To prove the given identity (1 + tanθ)/(1 + cotθ) = tanθ, we will start by manipulating the left-hand side (LHS) of the equation:
Step 1: Write the given expression.
(1 + tanθ)/(1 + cotθ)
Step 2: Convert tanθ to sinθ/cosθ and cotθ to cosθ/sinθ.
[(1 + sinθ/cosθ)/(1 + cosθ/sinθ)]
Step 3: Simplify the numerator by finding a common denominator.
[(sinθcosθ + sinθ)/(cosθ)]
Step 4: Multiply the numerator by cosθ/cosθ to simplify.
[(sinθcosθ + sinθ)cosθ/(cosθcosθ)]
Step 5: Distribute cosθ into the numerator.
[sinθcos²θ + sinθcosθ/(cos²θ)]
Step 6: Simplify the numerator by applying the identity cos²θ = 1 - sin²θ.

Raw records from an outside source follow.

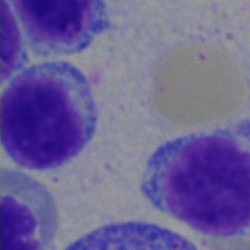Specimen: bone marrow smear.
Cell: typical lymphocyte.
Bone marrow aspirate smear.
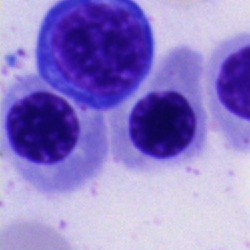
{"cell_type": "normoblast"}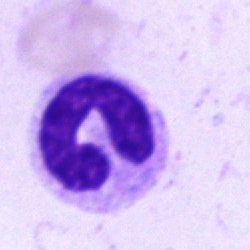Morphological class — band neutrophil.
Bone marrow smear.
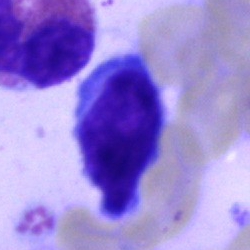

Showing a typical lymphocyte.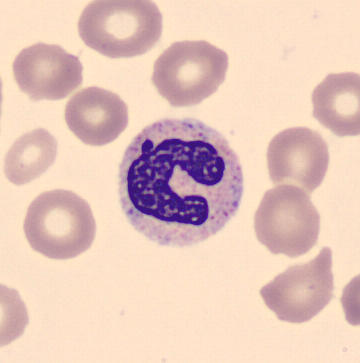
CellaVision DM96 digital cell image. Peripheral blood smear.
Stab cell.
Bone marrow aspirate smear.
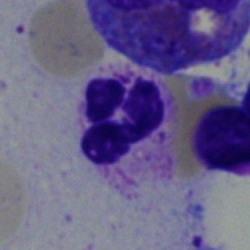

Morphology consistent with a neutrophil (segmented).
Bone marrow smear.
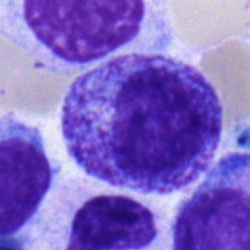

Impression — myelocyte.
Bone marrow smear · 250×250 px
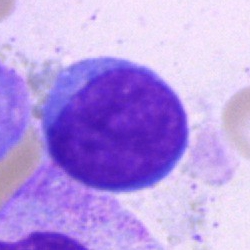 Cell type — blast cell.
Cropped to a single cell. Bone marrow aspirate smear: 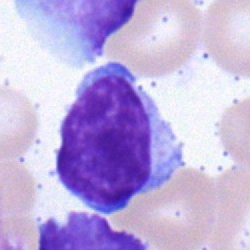

Morphological class = lymphocyte.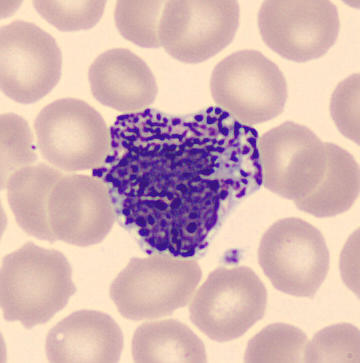Single cell identified as a basophil. Acquisition: May-Grünwald-Giemsa-stained · imaged on a CellaVision DM96 analyser · peripheral blood smear.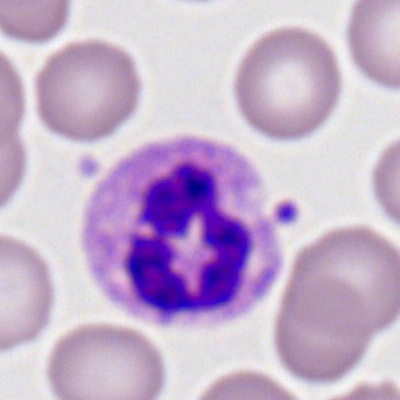
Specimen: peripheral blood smear.
Cell type: segmented neutrophil.
Lineage: myeloid.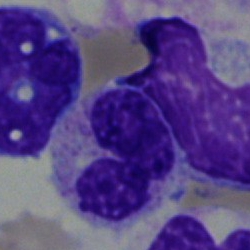Showing a monocyte.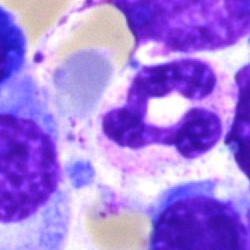

A segmented neutrophil on a bone marrow smear.
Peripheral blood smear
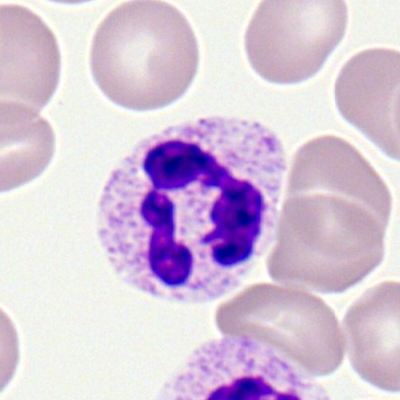

The classification is polymorphonuclear neutrophil.
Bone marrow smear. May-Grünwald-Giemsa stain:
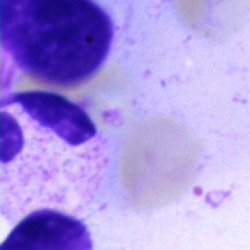

Cell: artifact.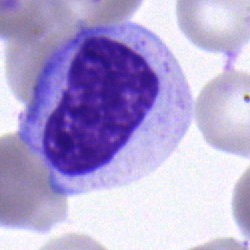Morphology — metamyelocyte.
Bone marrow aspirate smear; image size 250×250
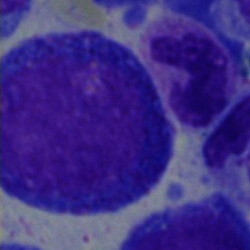
Impression → proerythroblast.
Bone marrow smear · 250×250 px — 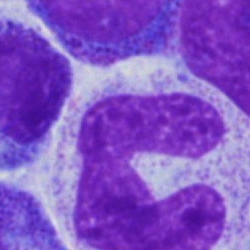 Classification = band-form neutrophil.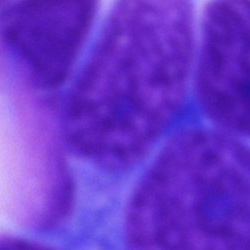Bone marrow aspirate smear, single cell — artefact.
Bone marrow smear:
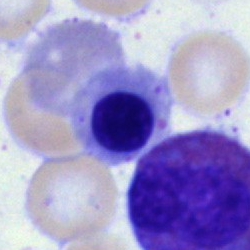The classification is nucleated red cell.
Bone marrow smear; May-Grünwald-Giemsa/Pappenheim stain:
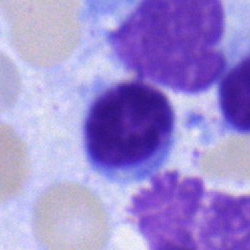Morphology — lymphocyte.
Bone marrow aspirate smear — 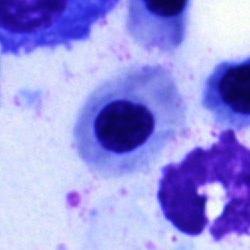 Specimen: bone marrow smear.
Cell type: nucleated red blood cell.
Lineage: erythroid.
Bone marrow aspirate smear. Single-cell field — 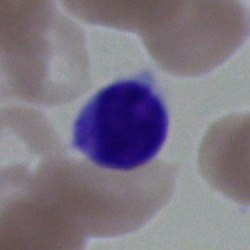
Specimen: bone marrow smear.
Classification: typical lymphocyte.
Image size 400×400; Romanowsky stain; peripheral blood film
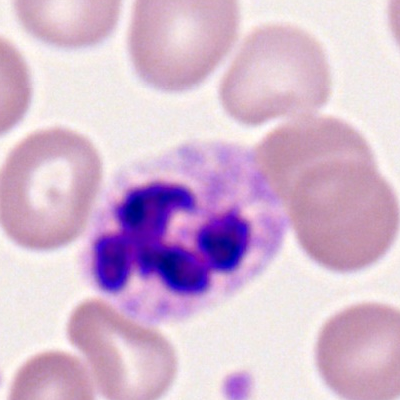Neutrophil (segmented).
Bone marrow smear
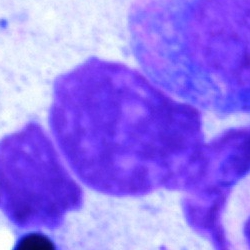
Cell = artifact.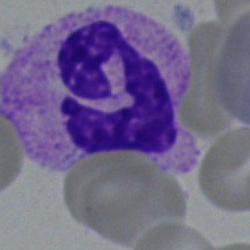 Single-cell crop from a bone marrow smear: polymorphonuclear neutrophil.
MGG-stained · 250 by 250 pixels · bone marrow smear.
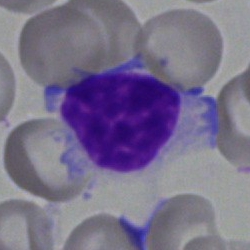 Impression → typical lymphocyte.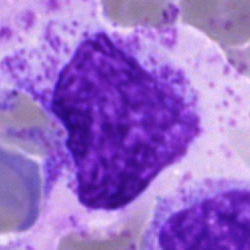

Q: What is shown here?
A: It is an artefact.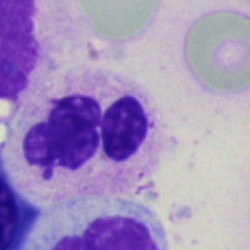Morphology consistent with a neutrophil (segmented).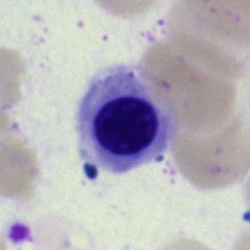 Specimen: bone marrow smear.
Cell: erythroblast.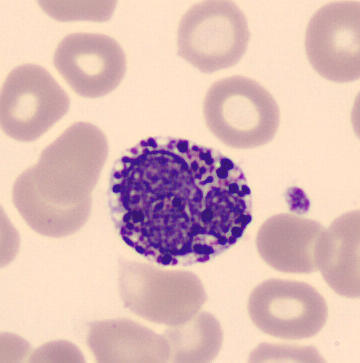 Cell: basophil.
Acquisition: Peripheral blood smear; CellaVision DM96 digital cell image; single-cell field.
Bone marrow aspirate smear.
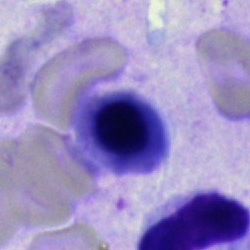
Morphological class: normoblast.
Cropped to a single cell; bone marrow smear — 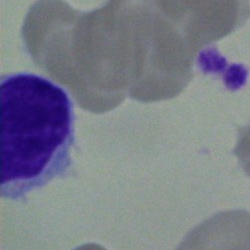{"cell_type": "typical lymphocyte", "lineage": "lymphoid"}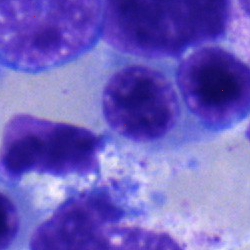Cell type: erythroblast.
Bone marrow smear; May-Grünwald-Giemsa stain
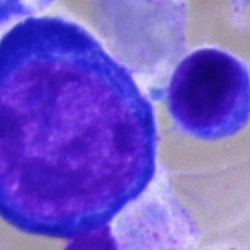
Showing a pronormoblast.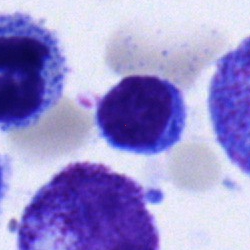
Typical lymphocyte.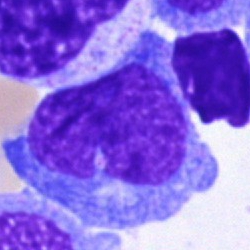 Morphological class = blast.
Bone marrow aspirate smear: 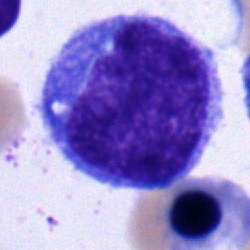A monocyte.
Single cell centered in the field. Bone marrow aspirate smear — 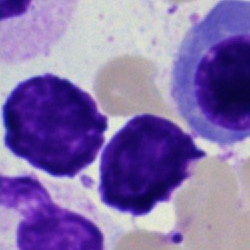Specimen: bone marrow smear.
Cell type: artifact.
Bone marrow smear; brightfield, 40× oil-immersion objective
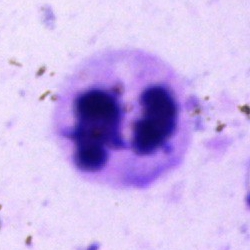Morphology consistent with a segmented neutrophil.
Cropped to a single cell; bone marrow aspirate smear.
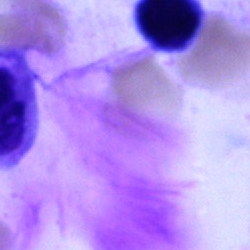
Artifact.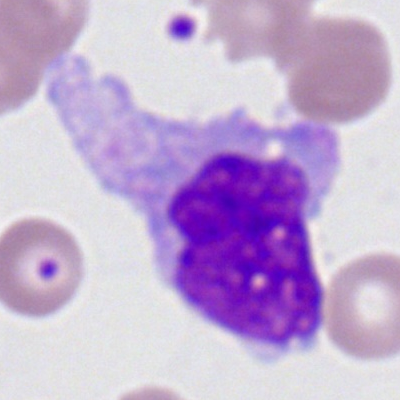
This is a monocyte.
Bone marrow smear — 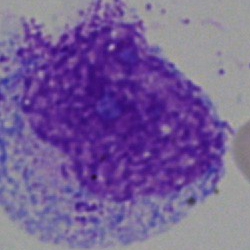
This is an artifact.
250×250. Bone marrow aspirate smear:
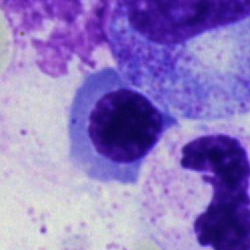Morphology — normoblast.
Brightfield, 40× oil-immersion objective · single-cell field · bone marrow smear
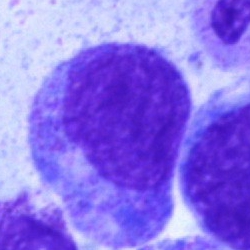
This is a promyelocyte.
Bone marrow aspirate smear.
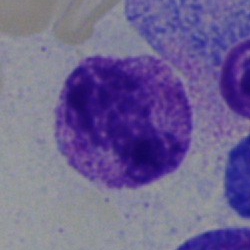

Single cell identified as a neutrophil (segmented).
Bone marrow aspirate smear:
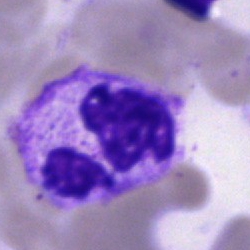

Specimen: bone marrow aspirate smear.
Cell type: polymorphonuclear neutrophil.
Lineage: myeloid.
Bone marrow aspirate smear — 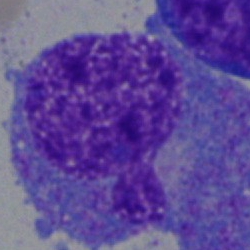Q: What is shown here?
A: Progranulocyte.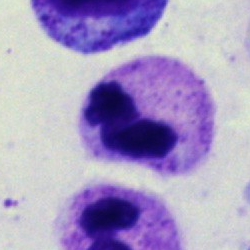

This is a segmented neutrophil.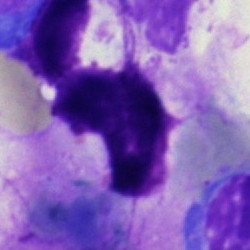 Classification — artefact.
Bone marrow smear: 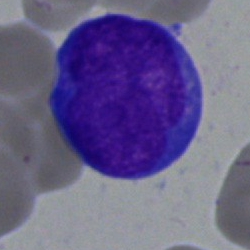Morphology — blast.
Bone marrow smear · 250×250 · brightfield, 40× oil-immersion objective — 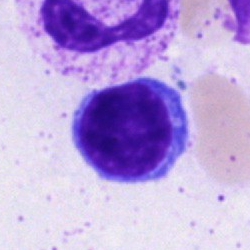The cell type is lymphocyte.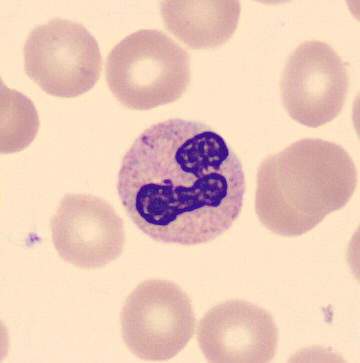

The morphological class is neutrophil (segmented).
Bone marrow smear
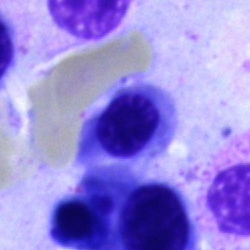

Showing an erythroblast.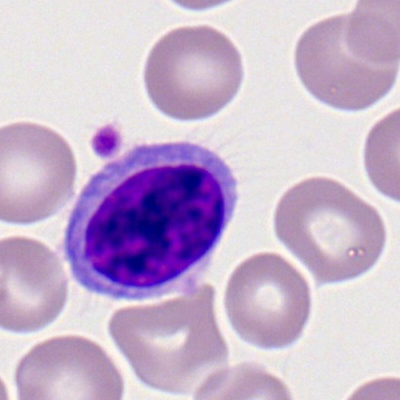
The cell shown is a lymphocyte.
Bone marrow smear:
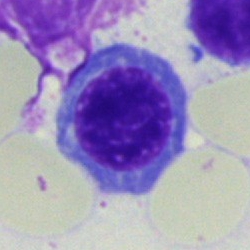 Specimen: bone marrow smear.
Cell: nucleated red cell.
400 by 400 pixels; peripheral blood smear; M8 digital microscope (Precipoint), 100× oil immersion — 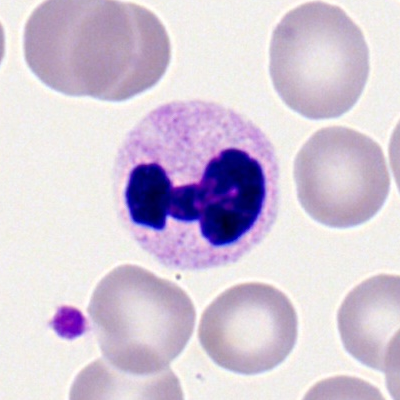The cell shown is a segmented neutrophil.
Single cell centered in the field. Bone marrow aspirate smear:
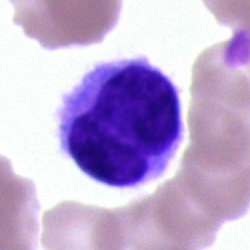
Morphology consistent with a hairy cell.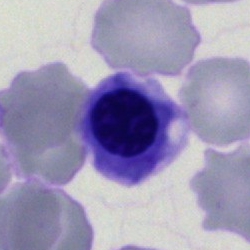 Showing an erythroblast.
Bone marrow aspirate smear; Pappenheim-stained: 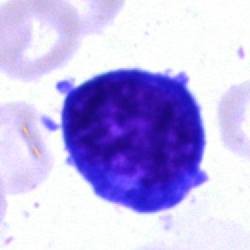 Q: What is shown here?
A: This is an undifferentiated blast.
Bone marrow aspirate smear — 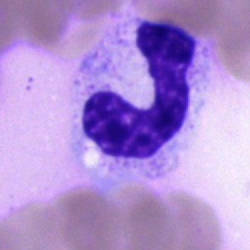
Q: What type of cell is this?
A: This is a band-form neutrophil.
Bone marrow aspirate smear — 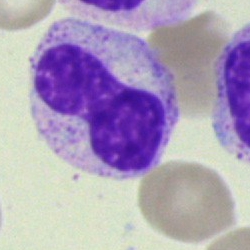
Morphology → band-form neutrophil.
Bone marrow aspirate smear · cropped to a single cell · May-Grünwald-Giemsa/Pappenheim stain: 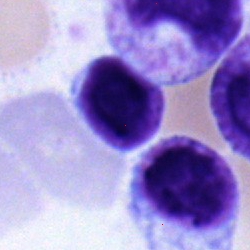Cell = typical lymphocyte.

[(sinθ(1 - sin²θ) + sinθcosθ)/(cos²θ)]
Step 7: Expand and simplify the numerator further.
[sinθ - sin³θ + sinθcosθ/(cos²θ)]
Step 8: Use the identity sinθcosθ = sin2θ/2.
[sinθ - sin³θ + sin2θ/2/(cos²θ)]
Step 9: Combine the terms in the numerator.
[sinθ(1 - sin²θ) + sin2θ/2/(cos²θ)]
Step 10: Simplify (1 - sin²θ) to cos²θ.
[sinθcos²θ + sin2θ/2/(cos²θ)]
Step 11: Cancel out cos²θ in the numerator with the denominator.
[sinθ + sin2θ/2/cos²θ]
Step 12: Write sin2θ in terms of 2sinθcosθ.
[sinθ + (2sinθcosθ)/2cos²θ]
Step 13: Divide the numerator by 2cos²θ.
[sinθ/cos²θ + sinθcosθ/cos²θ]
Step 14: Simplify sinθ/cos²θ to tanθ and sinθcosθ/cos²θ to tanθ.
[tanθ + tanθ]
Step 15: Combine the terms.
2tanθ
So, we have shown that (1 + tanθ)/(1 + cotθ) = tanθ is equivalent to 2tanθ = tanθ. As 2tanθ is equal to tanθ, we have successfully proved the given identity.